I found that M. C. Beaton wrote a series of Regency romances in which an elderly impoverished aristocrat starts running a hotel; high jinks ensue. Exceedingly fluffy and delightful as summer reading. For work, I read excruciatingly long medieval romances in their original languages, literary criticism dealing with same, copious amounts of historiography, and as little theory as I think I can get away with. I’ll leave the serious novels to people who don’t need a palate-cleanser at the end of the day.

Finding 4-5 hours a day to watch coverage of the Tour de France is actually kind of useful in terms of giving me some structure and forcing me to prioritize. Certainly one of the benefits of the pandemic and associated lack of travel is being home to immerse myself in the Tour, which, honestly, I watch partly for the pretty pictures of France.

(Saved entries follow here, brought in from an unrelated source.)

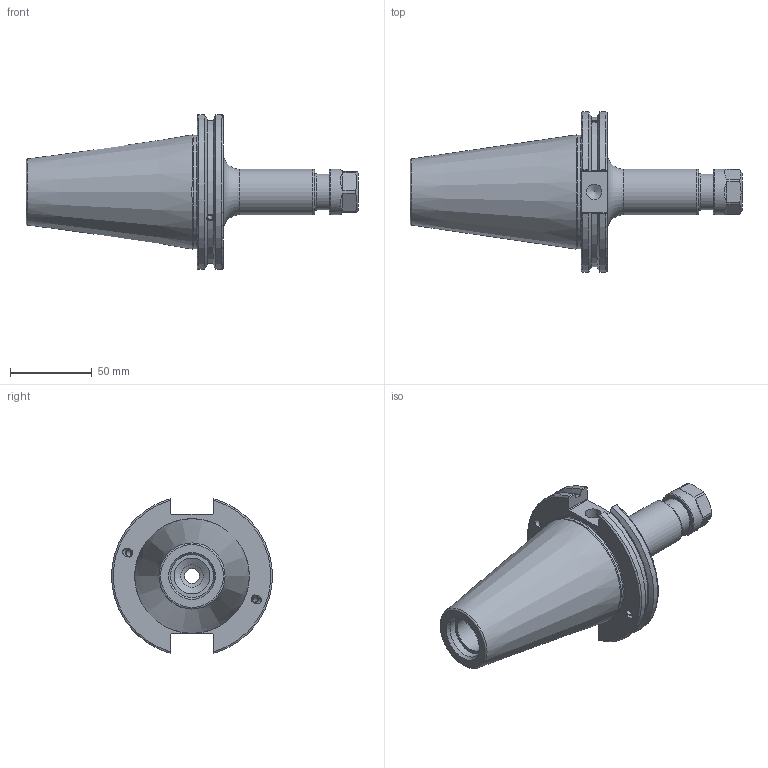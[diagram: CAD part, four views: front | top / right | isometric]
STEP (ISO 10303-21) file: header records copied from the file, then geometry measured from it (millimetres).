
FILE_DESCRIPTION(/* description */ (''),/* implementation_level */ '2;1');
FILE_NAME(/* name */ 'BL031B.stp',/* time_stamp */ '2023-11-22T11:26:08+09:00',/* author */ ('YSH'),/* organization */ (''),/* preprocessor_version */ 'ST-DEVELOPER v20',/* originating_system */ 'Autodesk Inventor 2024',/* authorisation */ '');
FILE_SCHEMA (('AUTOMOTIVE_DESIGN { 1 0 10303 214 3 1 1 }'));
Length unit declared in the file: millimetre
Products named in the file (3): 조립품3; LO-CAT50ADB-ER16-4.00; ER16NUT
Assembly tree (2 placements, depth 2):
  조립품3
    LO-CAT50ADB-ER16-4.00
    ER16NUT
Bounding box: 203.2 x 98.06 x 94.69 mm (x, y, z)
Volume: 358652.3 mm3; surface area: 57589.9 mm2
Topology: 2 solids, 3 shells, 123 faces, 318 edges, 209 vertices
Faces by surface type: plane 56, cylinder 36, cone 20, torus 11
Full cylindrical faces by diameter (mm): 1 x1, 3.242 x4, 4.134 x2, 4.2 x2, 5 x2, 9.144 x1, 9.525 x1, 11.8 x1, 12.8 x1, 14 x1, 17.7 x1, 20.6 x1, 21.971 x1, 22 x2, 22.5 x1, 26.2 x1, 28 x2, 69.25 x1
Entity records: 4287 total; most frequent: CARTESIAN_POINT 1137, DIRECTION 630, ORIENTED_EDGE 626, EDGE_CURVE 314, AXIS2_PLACEMENT_3D 249, VERTEX_POINT 209, EDGE_LOOP 149, LINE 132

And what a weird Tour it’s being, this year. Yesterday there was a stretch where Sonny Colbrelli, a sprinter, was keeping up with Nairo Quintana, a climber, and Sir John and I were just looking at each other wondering WTF**. Eventually Colbrelli got dropped, but that was a very strange stage.

We’ll see if I check in again before August. Have a good July, anyone who reads this!

**Updated to add: and on today’s brutal and miserably cold stage (9, in the Alps), Colbrelli finished third, ahead of Quintana by over a minute. WT actual F?